Be Sure the Basics are in Place:
There are 4 factors we need to be sure of in our daily habits and as important in our child's habits:
These four fundamentals must be defined and met. We find that we are nicer to one another, more focused and able to complete the day, if these factors are taken care of. Indeed, many problems may go away once these basics are in place. You may also find that impulsivity and restlessness are reduced, concentration is strengthened, organization increases, and short and long term memory may even improve.
Improve Organization and Encourage Self Reliance:
Ms. Janis-Norton talks about how to improve organization and self-reliance in our Special Needs children. She reminds us that the brain is malleable; we can learn the skills we need to teach and support our children, even though it may be far more difficult than raising typically-developing children.
Begin teaching new tasks and skills with the easiest parts. Once mastered, move to the next step. It is very common for parents to overcompensate for our special needs children by doing things they can do for themselves. We tend to do this for many reasons; as parents we take on guilt.
When we do things for our children that they themselves can do, we rob them of a chance to feel competent. We need to allow them to do these things so they can feel good about themselves and realize their own capabilities. We feel confident when we are competent. This confidence will further learning, as it will enable children to continue to confront new challenges. The same is true for our children.
While we want to do everything to help our children, we need to find time for ourselves, our partners, and our other kids as well. Ms. Norton strongly suggests trying to find a little time every day to spend with each of your children alone. This special time with each child will decrease sibling rivalry, which allows you to focus on the child you are with. For the Special Needs Child this allows focus and concentration to be enhanced.
Present a United Front:
Courage, perseverance, and consistency are key factors in parenting. Maintaining a strong, solid team-work approach with your partner, being united, following though and having one voice will help immensely.
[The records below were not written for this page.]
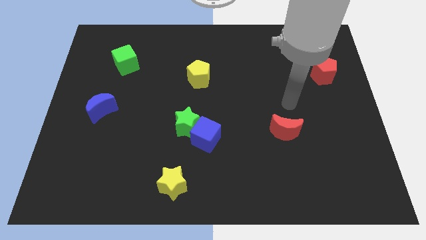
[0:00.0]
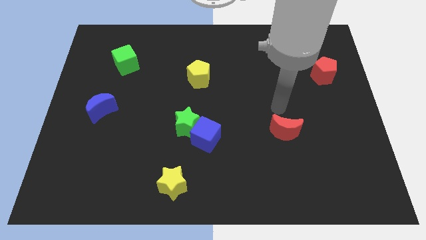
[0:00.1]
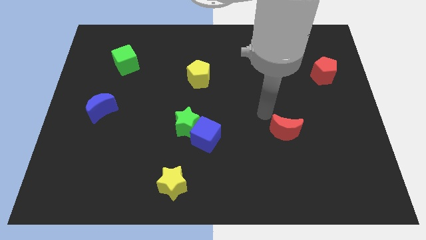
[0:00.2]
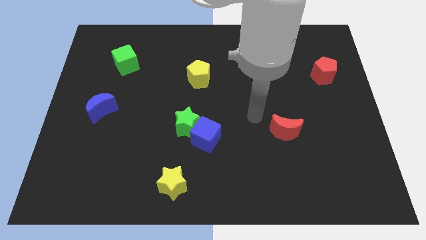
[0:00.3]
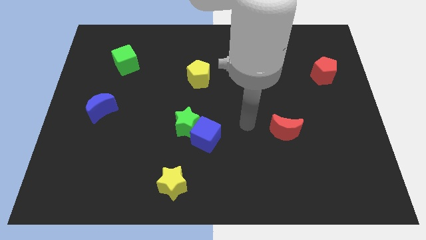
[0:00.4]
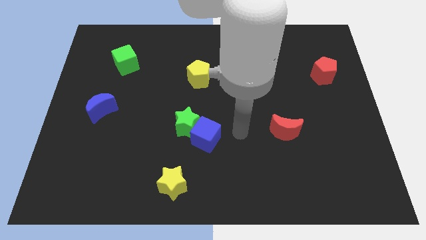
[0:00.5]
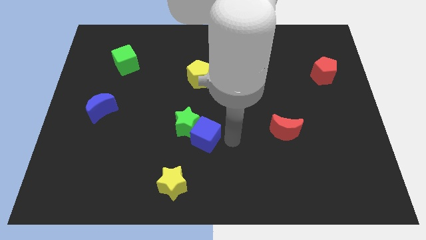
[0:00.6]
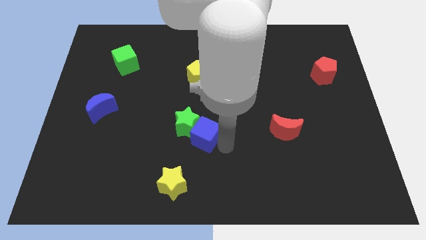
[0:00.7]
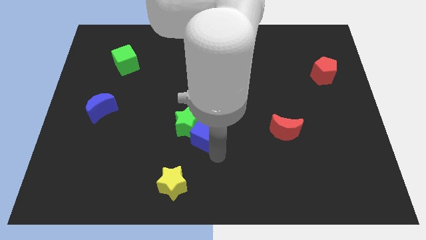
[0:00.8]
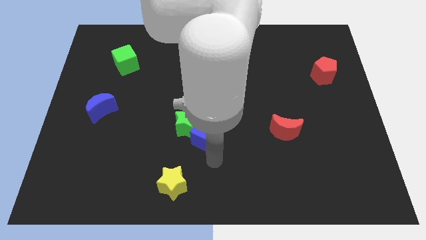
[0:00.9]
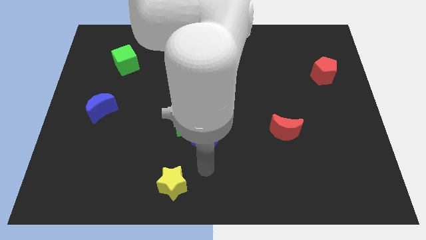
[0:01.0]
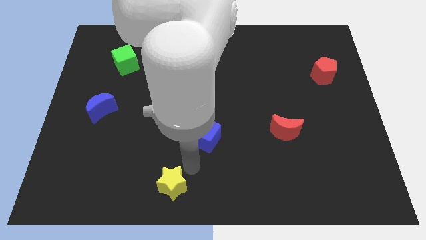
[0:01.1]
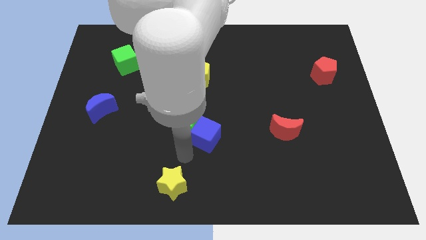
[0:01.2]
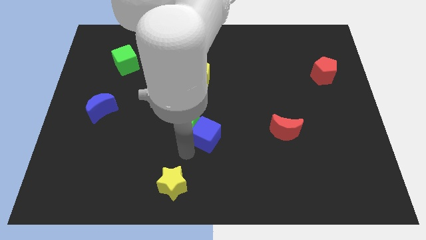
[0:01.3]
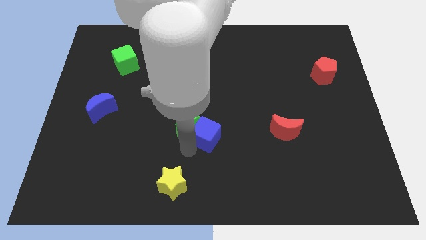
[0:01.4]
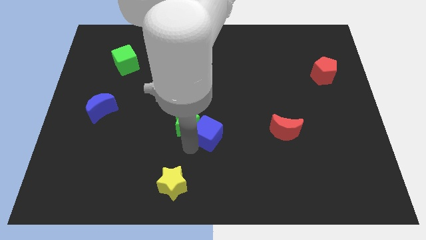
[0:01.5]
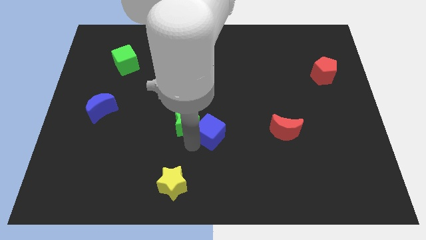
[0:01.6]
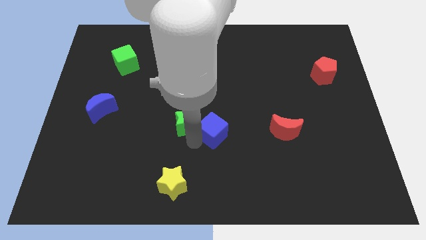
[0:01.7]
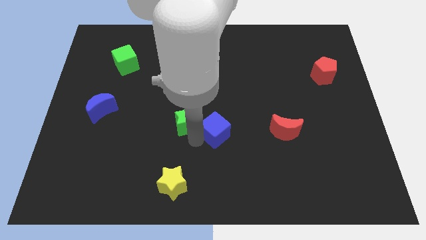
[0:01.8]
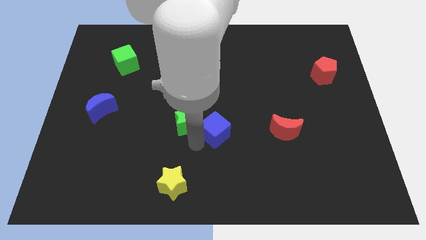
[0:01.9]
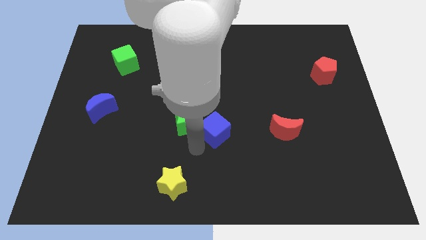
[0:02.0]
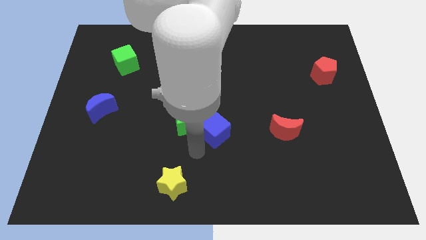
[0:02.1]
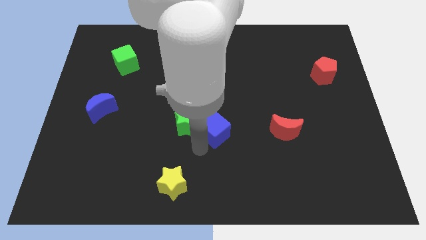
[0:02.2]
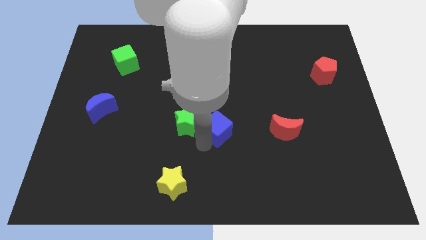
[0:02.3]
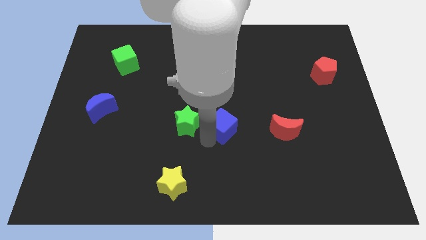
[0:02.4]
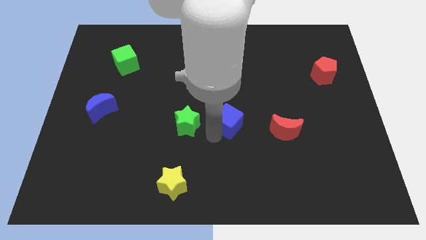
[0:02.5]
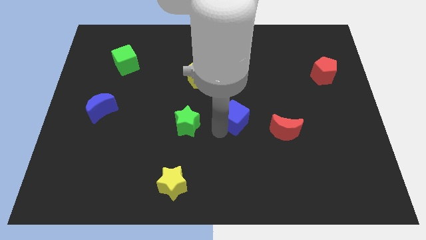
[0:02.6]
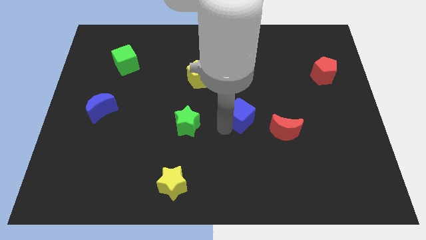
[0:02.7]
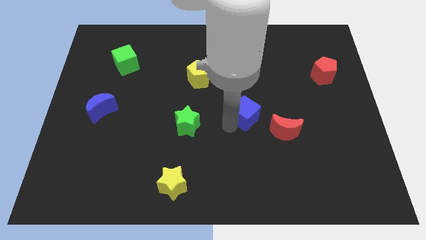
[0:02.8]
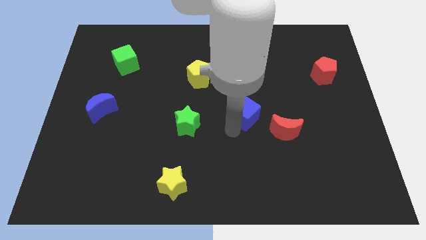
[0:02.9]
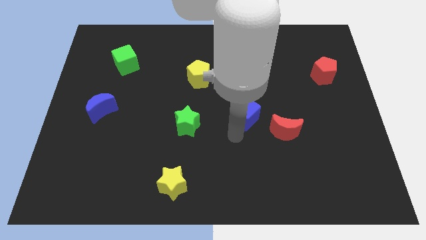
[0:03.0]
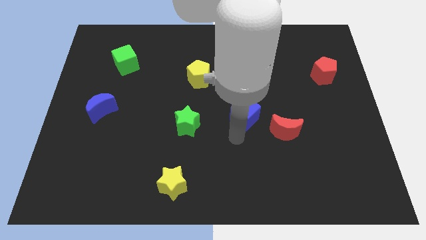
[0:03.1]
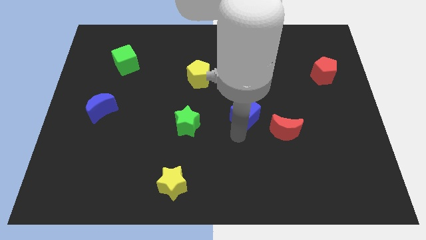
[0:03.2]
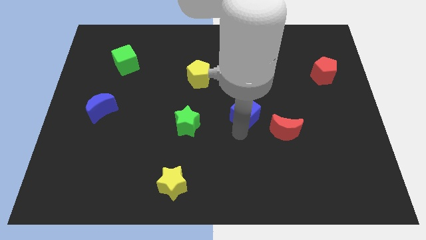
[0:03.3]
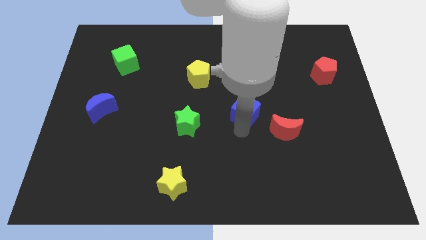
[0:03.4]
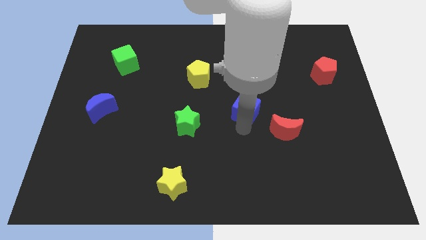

Remember, raising children, especially those with special needs, requires a clear vision, a consistent plan and a lot of flexibility.
Notes from a Teacher
I shared these CDs with our son’s teacher. She is an incredible support for us and we thought she would also benefit from some of the tools taught here. She was excited to share her thoughts as well:
“I am happy to have been able to listen to the CD Calmer, Easier, Happier Parenting. As an educator, I was happy to hear that teamwork was important in having a child with special needs feel successful. Every child needs support at home, support at school and support from the community to be successful. Communication between all of these areas will help children accomplish success. This CD gave some great tips on how to do this. It provides tips on how to break things down into small steps, and teach things with patience. People who work with children with special needs should practice patience because training is not an overnight project, and that’s OK. With many children with special needs becoming full time members of the regular education classes, I like how the CD encouraged training, routine and acceptance from both parents and teachers. The CD speaks of both the challenge and the rewards of having children with special needs in the home and in the classroom. This CD provides tips and advice for making your child feel success both at home and at school.” Ms Courtney Tooley, Educator, 2nd Grade Henrico Va.